To remove a civil action, the defendant must also follow certain statutory procedures. See 28 U.S.C. § 1446. Because removal is entirely a statutory right, the relevant procedures to effect removal must be followed. See Lewis v. Rego Co., 757 F.2d 66, 68 (3rd Cir. 1985). Pursuant to 28 U.S.C. § 1446(a),
[a] defendant or defendants desiring to remove any civil action . . . from a State court shall file in the district court of the United States for the district and division within which such action is pending a notice of removal signed pursuant to Rule 11 of the Federal Rules of Civil Procedure and containing a short and plain statement of the grounds for removal, together with a copy of all process, pleadings, and orders served upon such defendant or defendants in such action.28 U.S.C. § 1446(a). 28 U.S.C. § 1446(a) has been interpreted as requiring all defendants to join in a removal petition. See Lapides v. Bd. of Regents of the Univ. Sys. of Ga., 535 U.S. 613, 620 (2002) (citing 28 U.S.C. § 1446(a) and Chicago, R.I. P.R. Co. v. Martin, 178 U.S. 245, 248 (1900)); Akin v. Ashland Chem. Co., 156 F.3d 1030, 1034-35 (10th Cir. 1998); Cornwall v. Robinson, 654 F.2d 685, 686 (10th Cir. 1981) ("A co-defendant . . . did not join in the petition for removal and the petition was thus procedurally defective."); J. Moore, Moore's Federal Practice § 107.11[1][c], at 107-36-37 (3d ed. 2006) ("Because the right of removal is jointly held by all the defendants, the failure of one defendant to join in the notice precludes removal. This rule requires that there be some timely written indication from each served defendant . . . that the defendant has actually consented to removal.").
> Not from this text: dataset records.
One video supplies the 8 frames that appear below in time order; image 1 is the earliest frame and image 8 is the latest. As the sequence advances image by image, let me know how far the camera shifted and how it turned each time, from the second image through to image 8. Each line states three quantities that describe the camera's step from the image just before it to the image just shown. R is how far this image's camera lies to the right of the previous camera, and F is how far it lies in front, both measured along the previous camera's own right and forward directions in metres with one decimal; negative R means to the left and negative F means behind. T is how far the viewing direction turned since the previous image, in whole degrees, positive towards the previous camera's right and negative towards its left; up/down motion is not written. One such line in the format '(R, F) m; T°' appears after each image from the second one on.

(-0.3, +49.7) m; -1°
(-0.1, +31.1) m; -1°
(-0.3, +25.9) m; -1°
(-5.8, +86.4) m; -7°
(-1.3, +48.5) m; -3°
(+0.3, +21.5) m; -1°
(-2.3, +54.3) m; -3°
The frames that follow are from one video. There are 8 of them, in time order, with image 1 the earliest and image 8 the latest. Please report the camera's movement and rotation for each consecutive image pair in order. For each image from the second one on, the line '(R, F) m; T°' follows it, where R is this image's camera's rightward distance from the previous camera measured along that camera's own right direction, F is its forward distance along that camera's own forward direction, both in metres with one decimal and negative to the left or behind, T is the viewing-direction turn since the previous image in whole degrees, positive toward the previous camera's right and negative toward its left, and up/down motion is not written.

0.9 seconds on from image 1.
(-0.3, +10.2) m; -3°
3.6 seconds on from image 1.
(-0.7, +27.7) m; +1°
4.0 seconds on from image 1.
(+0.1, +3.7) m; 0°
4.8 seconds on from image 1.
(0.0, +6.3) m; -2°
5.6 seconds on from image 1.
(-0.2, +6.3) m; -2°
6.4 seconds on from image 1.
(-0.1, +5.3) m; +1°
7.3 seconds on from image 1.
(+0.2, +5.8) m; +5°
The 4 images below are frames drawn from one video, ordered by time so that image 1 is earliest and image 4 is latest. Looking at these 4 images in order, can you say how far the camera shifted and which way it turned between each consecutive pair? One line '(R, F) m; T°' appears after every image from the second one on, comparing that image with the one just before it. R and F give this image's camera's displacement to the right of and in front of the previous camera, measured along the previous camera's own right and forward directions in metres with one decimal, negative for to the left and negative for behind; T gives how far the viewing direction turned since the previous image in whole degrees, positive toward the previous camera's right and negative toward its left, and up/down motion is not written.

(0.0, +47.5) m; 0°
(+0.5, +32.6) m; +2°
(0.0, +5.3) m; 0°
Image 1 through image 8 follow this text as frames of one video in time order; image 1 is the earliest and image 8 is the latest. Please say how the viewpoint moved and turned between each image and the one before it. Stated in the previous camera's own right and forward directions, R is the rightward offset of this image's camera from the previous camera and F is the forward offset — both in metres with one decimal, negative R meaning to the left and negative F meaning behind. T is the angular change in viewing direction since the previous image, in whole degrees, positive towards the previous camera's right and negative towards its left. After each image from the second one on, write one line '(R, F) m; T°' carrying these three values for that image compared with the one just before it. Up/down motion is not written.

With respect to third-party defendants, courts take various views on whether they may remove cases. See NCO Fin. Sys., Inc. v. Yari, 422 F. Supp. 2d 1237, 1239 (D. Col. 2006) (citingMonmouth-Ocean Collection Serv., Inc. v. Klor, 46 F. Supp. 2d 385 (D.N.J. 1999)). 28 U.S.C. § 1441(a) permits the removal of a civil action of which the district courts of the United States have original jurisdiction "by the defendant or the defendants."Id. The majority view is that third-party defendants are not "defendants" within the meaning of § 1441(a). See First Nat. Bank of Pulaski v. Curry, 301 F.3d 456, 461-62 (6th Cir. 2002); J. Moore, supra § 107.11[1][b][iv], at 107-34-35 ("[T]hird-party defendants are not defendants within the meaning of the removal statute."). Other justifications for opposing third-party defendant removal are that it would force a plaintiff to litigate in a federal court that he did not choose and to which his adversary originally could not have removed, and that allowing removal would expand jurisdiction of federal courts in contravention of the strictly construed statutory limits on the right to removal. See NCO Fin. Sys. Inc. v. Yari, 422 F. Supp. 2d at 1239. Proponents of third-party removal, however, assert that the term "defendant" under § 1441(a) does not necessarily exclude third-party defendants, who, like other defendants, have been brought into court involuntarily and may have an interest in having a federal forum. See id.
LAW REGARDING REMAND
28 U.S.C. § 1447 governs remand after removal. Section 1447(c) states:
A motion to remand the case on the basis of any defect other than lack of subject matter jurisdiction must be made within 30 days after the filing of the notice of removal under section 1446(a). If at any time before final judgment it appears that the district court lacks subject matter jurisdiction, the case shall be remanded. An order remanding the case may require payment of just costs and any actual expenses, including attorney fees, incurred as a result of the removal. A certified copy of the order of remand shall be mailed by the clerk to the clerk of the State court. The State may thereupon proceed with such case.28 U.S.C. § 1447(c). See Miller v. Lambeth, 443 F.3d 757, 759 (10th Cir. 2006) ("The statutory provision governing remands of cases removed to federal court [is] 28 U.S.C. § 1447(c). . . .");RMP Consulting Group, Inc. v. Datronic Rental Corp., No. 98-5062, 1999 WL 617690, at *4 (10th Cir. 1999) (applying 28 U.S.C. § 1447(c)).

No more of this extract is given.